[Start of Attachment]

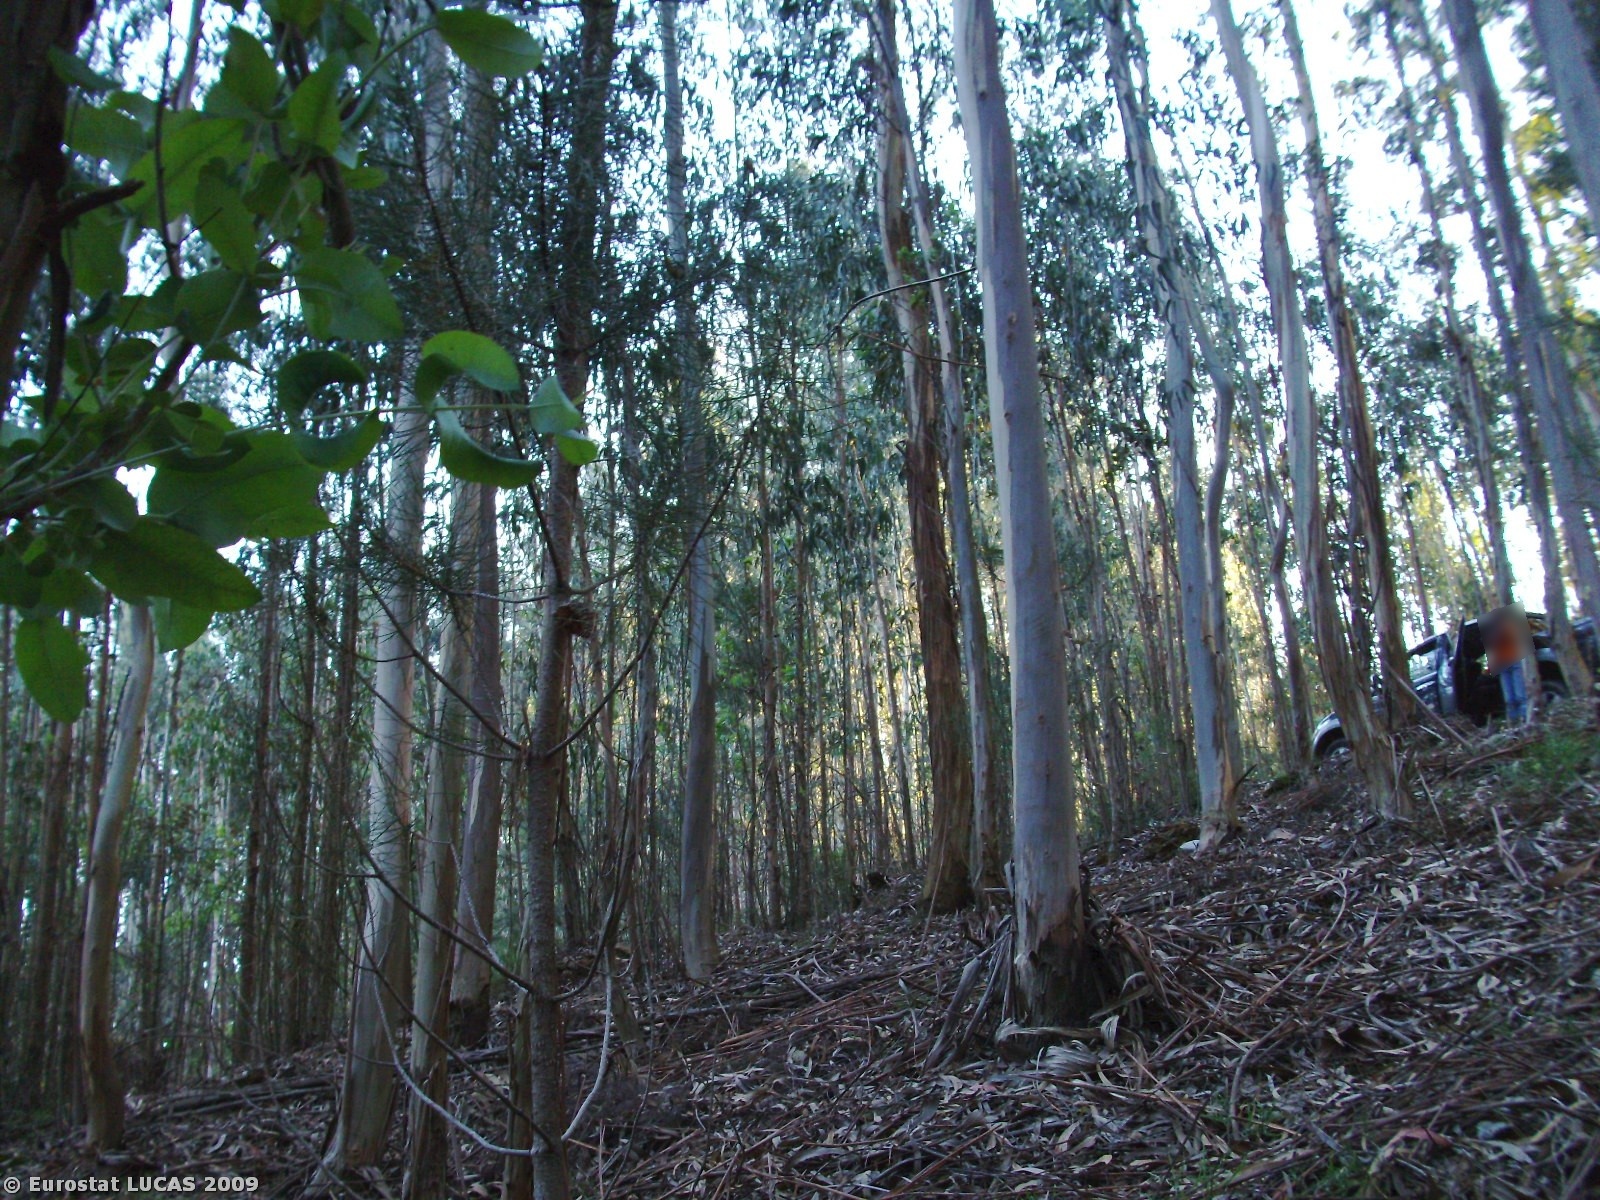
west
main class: Woodland
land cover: Broadleaved woodland
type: plantations and self-sown exotic forest
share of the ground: > 75 %
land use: Forestry
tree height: > 5 m
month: May
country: PT
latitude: 40.7757
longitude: -8.4471

[End of Attachment]

Word for word, write out the full listing, leaving the pictures aside.

### Final answer
west
main class: Woodland
land cover: Broadleaved woodland
type: plantations and self-sown exotic forest
share of the ground: > 75 %
land use: Forestry
tree height: > 5 m
month: May
country: PT
latitude: 40.7757
longitude: -8.4471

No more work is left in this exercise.